§ Task brief
Output every entry exactly, from the first line to the last.

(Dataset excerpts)
______

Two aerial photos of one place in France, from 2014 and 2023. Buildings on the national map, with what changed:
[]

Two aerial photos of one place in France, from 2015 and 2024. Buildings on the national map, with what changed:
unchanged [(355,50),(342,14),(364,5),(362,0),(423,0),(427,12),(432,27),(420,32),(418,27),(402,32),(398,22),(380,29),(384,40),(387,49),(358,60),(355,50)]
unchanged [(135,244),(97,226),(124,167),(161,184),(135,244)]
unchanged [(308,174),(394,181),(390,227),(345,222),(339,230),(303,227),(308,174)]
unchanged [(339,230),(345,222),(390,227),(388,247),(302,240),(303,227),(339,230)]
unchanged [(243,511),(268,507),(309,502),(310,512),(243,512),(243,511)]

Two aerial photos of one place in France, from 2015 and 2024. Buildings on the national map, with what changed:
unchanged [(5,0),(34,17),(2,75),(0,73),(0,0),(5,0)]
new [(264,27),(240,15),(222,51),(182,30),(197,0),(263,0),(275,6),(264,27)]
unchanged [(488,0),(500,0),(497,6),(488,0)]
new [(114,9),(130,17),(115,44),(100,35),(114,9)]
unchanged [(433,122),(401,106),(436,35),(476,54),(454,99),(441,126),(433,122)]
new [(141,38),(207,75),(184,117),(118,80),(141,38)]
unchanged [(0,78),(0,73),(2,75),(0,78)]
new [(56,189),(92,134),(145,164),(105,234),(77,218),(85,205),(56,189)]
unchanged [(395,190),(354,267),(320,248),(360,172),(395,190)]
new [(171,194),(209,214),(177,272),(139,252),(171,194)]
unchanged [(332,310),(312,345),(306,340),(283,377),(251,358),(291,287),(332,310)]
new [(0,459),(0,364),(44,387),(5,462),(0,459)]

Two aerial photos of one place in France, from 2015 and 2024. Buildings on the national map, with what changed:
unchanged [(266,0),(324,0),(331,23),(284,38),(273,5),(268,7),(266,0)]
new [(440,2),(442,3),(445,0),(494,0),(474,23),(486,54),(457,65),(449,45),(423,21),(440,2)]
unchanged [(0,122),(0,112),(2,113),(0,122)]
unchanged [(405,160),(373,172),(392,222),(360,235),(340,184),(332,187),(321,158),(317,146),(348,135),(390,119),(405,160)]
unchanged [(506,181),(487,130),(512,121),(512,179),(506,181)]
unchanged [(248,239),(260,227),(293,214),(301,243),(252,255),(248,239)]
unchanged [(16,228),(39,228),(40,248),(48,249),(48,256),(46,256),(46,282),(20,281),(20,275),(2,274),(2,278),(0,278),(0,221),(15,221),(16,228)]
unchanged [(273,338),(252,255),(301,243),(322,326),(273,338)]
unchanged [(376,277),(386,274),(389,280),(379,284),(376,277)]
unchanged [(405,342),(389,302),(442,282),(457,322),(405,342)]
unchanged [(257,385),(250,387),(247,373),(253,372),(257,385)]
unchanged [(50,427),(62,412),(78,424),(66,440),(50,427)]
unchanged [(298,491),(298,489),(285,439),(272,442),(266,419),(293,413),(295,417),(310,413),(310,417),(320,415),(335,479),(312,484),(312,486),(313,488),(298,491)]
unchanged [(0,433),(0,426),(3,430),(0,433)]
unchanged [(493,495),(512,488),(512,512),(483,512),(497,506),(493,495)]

______

§ Task answer
Two aerial photos of one place in France, from 2014 and 2023. Buildings on the national map, with what changed:
[]

Two aerial photos of one place in France, from 2015 and 2024. Buildings on the national map, with what changed:
unchanged [(355,50),(342,14),(364,5),(362,0),(423,0),(427,12),(432,27),(420,32),(418,27),(402,32),(398,22),(380,29),(384,40),(387,49),(358,60),(355,50)]
unchanged [(135,244),(97,226),(124,167),(161,184),(135,244)]
unchanged [(308,174),(394,181),(390,227),(345,222),(339,230),(303,227),(308,174)]
unchanged [(339,230),(345,222),(390,227),(388,247),(302,240),(303,227),(339,230)]
unchanged [(243,511),(268,507),(309,502),(310,512),(243,512),(243,511)]

Two aerial photos of one place in France, from 2015 and 2024. Buildings on the national map, with what changed:
unchanged [(5,0),(34,17),(2,75),(0,73),(0,0),(5,0)]
new [(264,27),(240,15),(222,51),(182,30),(197,0),(263,0),(275,6),(264,27)]
unchanged [(488,0),(500,0),(497,6),(488,0)]
new [(114,9),(130,17),(115,44),(100,35),(114,9)]
unchanged [(433,122),(401,106),(436,35),(476,54),(454,99),(441,126),(433,122)]
new [(141,38),(207,75),(184,117),(118,80),(141,38)]
unchanged [(0,78),(0,73),(2,75),(0,78)]
new [(56,189),(92,134),(145,164),(105,234),(77,218),(85,205),(56,189)]
unchanged [(395,190),(354,267),(320,248),(360,172),(395,190)]
new [(171,194),(209,214),(177,272),(139,252),(171,194)]
unchanged [(332,310),(312,345),(306,340),(283,377),(251,358),(291,287),(332,310)]
new [(0,459),(0,364),(44,387),(5,462),(0,459)]

Two aerial photos of one place in France, from 2015 and 2024. Buildings on the national map, with what changed:
unchanged [(266,0),(324,0),(331,23),(284,38),(273,5),(268,7),(266,0)]
new [(440,2),(442,3),(445,0),(494,0),(474,23),(486,54),(457,65),(449,45),(423,21),(440,2)]
unchanged [(0,122),(0,112),(2,113),(0,122)]
unchanged [(405,160),(373,172),(392,222),(360,235),(340,184),(332,187),(321,158),(317,146),(348,135),(390,119),(405,160)]
unchanged [(506,181),(487,130),(512,121),(512,179),(506,181)]
unchanged [(248,239),(260,227),(293,214),(301,243),(252,255),(248,239)]
unchanged [(16,228),(39,228),(40,248),(48,249),(48,256),(46,256),(46,282),(20,281),(20,275),(2,274),(2,278),(0,278),(0,221),(15,221),(16,228)]
unchanged [(273,338),(252,255),(301,243),(322,326),(273,338)]
unchanged [(376,277),(386,274),(389,280),(379,284),(376,277)]
unchanged [(405,342),(389,302),(442,282),(457,322),(405,342)]
unchanged [(257,385),(250,387),(247,373),(253,372),(257,385)]
unchanged [(50,427),(62,412),(78,424),(66,440),(50,427)]
unchanged [(298,491),(298,489),(285,439),(272,442),(266,419),(293,413),(295,417),(310,413),(310,417),(320,415),(335,479),(312,484),(312,486),(313,488),(298,491)]
unchanged [(0,433),(0,426),(3,430),(0,433)]
unchanged [(493,495),(512,488),(512,512),(483,512),(497,506),(493,495)]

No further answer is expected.